What is needed ▸ Go through the data and copy every line in which "Fences" appears.

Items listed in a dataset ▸
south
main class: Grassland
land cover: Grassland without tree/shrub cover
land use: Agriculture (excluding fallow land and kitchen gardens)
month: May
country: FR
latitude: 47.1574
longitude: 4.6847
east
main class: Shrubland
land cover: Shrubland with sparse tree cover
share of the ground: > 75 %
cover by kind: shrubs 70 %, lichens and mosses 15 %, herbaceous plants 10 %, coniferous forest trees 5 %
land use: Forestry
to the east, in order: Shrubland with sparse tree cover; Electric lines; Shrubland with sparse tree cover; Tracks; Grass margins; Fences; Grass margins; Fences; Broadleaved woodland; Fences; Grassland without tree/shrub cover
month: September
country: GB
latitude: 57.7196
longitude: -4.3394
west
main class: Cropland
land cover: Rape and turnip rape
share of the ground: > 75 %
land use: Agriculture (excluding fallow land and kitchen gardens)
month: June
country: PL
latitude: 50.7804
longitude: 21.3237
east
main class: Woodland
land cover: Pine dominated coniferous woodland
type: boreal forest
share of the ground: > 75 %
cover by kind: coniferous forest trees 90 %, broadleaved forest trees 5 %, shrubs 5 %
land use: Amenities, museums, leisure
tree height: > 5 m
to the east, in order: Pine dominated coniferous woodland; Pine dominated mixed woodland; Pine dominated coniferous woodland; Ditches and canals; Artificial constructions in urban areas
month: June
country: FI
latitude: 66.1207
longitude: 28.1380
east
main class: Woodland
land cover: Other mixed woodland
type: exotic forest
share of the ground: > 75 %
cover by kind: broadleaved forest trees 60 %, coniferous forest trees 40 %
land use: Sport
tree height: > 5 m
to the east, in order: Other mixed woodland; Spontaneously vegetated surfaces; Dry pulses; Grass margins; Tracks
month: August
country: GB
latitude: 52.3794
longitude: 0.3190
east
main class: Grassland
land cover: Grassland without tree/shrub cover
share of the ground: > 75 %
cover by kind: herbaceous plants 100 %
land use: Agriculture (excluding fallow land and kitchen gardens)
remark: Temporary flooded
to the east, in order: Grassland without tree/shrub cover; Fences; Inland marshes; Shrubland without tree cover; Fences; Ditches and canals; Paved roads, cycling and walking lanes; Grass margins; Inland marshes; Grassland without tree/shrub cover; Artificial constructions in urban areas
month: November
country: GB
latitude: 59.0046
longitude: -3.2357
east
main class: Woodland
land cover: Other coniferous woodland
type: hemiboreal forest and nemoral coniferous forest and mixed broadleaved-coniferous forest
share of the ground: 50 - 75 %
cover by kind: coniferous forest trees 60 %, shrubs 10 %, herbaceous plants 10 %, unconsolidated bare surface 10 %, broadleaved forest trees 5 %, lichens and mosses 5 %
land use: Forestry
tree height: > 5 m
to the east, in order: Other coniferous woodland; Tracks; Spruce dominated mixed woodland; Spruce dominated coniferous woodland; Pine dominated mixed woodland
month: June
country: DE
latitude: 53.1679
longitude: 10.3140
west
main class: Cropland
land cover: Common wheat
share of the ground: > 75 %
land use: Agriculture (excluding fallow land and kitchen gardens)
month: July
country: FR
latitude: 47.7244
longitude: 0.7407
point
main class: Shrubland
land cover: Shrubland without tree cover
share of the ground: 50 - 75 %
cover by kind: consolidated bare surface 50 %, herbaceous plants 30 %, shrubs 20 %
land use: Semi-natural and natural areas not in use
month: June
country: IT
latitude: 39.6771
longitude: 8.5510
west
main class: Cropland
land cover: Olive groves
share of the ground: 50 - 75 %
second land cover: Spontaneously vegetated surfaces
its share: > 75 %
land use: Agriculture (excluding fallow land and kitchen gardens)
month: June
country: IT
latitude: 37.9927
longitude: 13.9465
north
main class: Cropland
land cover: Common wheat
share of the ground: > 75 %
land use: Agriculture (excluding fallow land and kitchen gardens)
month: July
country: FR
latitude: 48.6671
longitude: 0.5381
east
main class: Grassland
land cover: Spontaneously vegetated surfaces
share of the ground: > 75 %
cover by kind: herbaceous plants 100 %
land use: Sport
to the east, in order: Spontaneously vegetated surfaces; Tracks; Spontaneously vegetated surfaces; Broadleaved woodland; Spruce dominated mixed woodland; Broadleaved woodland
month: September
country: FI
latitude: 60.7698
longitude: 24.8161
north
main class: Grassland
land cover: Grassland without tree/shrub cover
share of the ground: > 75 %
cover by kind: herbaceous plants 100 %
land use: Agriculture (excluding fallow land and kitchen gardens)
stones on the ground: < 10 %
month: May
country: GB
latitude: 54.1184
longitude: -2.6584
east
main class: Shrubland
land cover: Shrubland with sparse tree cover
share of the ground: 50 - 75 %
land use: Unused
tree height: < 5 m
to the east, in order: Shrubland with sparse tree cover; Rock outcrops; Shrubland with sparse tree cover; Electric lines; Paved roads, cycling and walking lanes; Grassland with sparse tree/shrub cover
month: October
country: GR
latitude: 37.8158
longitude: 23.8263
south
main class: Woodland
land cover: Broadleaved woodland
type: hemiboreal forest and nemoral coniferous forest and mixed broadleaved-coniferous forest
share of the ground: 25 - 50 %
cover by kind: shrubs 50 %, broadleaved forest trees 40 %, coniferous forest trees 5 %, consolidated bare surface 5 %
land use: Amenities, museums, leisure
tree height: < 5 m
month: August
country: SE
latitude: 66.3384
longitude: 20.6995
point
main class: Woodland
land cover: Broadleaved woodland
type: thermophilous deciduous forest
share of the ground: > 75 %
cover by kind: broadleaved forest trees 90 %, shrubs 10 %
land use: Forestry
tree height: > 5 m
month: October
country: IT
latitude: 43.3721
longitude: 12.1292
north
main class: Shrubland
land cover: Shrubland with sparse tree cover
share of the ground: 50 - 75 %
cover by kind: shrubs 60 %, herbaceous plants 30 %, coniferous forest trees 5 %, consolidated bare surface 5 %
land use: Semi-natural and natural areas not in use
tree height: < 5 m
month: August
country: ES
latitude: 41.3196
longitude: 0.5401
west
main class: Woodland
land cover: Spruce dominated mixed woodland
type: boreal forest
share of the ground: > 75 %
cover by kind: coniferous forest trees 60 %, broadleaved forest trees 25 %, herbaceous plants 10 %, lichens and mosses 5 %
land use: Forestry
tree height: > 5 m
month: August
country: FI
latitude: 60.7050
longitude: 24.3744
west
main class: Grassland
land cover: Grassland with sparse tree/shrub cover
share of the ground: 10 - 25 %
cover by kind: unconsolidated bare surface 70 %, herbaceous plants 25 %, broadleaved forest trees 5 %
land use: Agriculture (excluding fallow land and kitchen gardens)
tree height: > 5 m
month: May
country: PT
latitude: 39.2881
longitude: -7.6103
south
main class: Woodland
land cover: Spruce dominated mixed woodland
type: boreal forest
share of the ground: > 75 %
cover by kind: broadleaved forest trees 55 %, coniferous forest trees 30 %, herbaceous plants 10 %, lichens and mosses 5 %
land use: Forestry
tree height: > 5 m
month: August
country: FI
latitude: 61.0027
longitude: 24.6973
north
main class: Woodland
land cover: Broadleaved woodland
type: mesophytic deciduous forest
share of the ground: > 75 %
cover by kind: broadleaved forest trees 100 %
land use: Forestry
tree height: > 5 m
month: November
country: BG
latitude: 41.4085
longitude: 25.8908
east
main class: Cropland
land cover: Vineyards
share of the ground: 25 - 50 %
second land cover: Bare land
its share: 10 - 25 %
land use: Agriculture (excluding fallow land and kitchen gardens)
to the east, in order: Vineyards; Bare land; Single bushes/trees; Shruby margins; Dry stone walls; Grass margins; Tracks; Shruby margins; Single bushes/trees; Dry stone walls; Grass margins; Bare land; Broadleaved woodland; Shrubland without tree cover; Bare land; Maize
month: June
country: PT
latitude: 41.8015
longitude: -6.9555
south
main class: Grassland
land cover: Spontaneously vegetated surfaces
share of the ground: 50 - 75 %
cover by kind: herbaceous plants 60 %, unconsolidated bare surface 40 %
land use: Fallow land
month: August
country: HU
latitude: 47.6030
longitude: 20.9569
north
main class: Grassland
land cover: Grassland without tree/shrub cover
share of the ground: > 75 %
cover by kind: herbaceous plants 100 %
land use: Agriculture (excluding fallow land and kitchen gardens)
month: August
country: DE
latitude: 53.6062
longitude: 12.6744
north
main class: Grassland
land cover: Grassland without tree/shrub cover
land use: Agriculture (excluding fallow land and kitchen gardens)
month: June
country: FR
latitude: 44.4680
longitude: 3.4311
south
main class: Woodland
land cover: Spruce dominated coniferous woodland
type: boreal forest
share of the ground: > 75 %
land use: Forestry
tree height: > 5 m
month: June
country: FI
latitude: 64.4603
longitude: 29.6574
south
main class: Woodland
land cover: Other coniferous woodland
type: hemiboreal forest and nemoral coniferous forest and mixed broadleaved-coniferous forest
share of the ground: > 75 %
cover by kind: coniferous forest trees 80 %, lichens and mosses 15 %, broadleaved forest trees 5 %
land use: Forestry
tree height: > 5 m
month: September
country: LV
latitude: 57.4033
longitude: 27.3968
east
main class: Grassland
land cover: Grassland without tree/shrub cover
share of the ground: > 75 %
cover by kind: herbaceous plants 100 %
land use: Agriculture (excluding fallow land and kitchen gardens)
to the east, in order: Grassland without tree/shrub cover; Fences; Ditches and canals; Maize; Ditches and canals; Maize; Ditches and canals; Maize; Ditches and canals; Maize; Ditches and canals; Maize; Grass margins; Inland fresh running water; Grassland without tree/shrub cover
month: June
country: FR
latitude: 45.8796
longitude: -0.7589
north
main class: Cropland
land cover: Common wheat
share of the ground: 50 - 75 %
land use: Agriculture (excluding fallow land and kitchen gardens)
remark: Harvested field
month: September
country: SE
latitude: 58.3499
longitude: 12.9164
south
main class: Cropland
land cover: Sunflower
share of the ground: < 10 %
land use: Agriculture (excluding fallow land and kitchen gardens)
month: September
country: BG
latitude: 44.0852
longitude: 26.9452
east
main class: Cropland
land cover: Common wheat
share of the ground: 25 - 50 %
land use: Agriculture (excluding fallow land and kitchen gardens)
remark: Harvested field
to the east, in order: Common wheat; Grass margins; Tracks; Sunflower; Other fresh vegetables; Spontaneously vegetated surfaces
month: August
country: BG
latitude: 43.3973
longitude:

Result of this exercise ▸
to the east, in order: Shrubland with sparse tree cover; Electric lines; Shrubland with sparse tree cover; Tracks; Grass margins; Fences; Grass margins; Fences; Broadleaved woodland; Fences; Grassland without tree/shrub cover
to the east, in order: Grassland without tree/shrub cover; Fences; Inland marshes; Shrubland without tree cover; Fences; Ditches and canals; Paved roads, cycling and walking lanes; Grass margins; Inland marshes; Grassland without tree/shrub cover; Artificial constructions in urban areas
to the east, in order: Grassland without tree/shrub cover; Fences; Ditches and canals; Maize; Ditches and canals; Maize; Ditches and canals; Maize; Ditches and canals; Maize; Ditches and canals; Maize; Grass margins; Inland fresh running water; Grassland without tree/shrub cover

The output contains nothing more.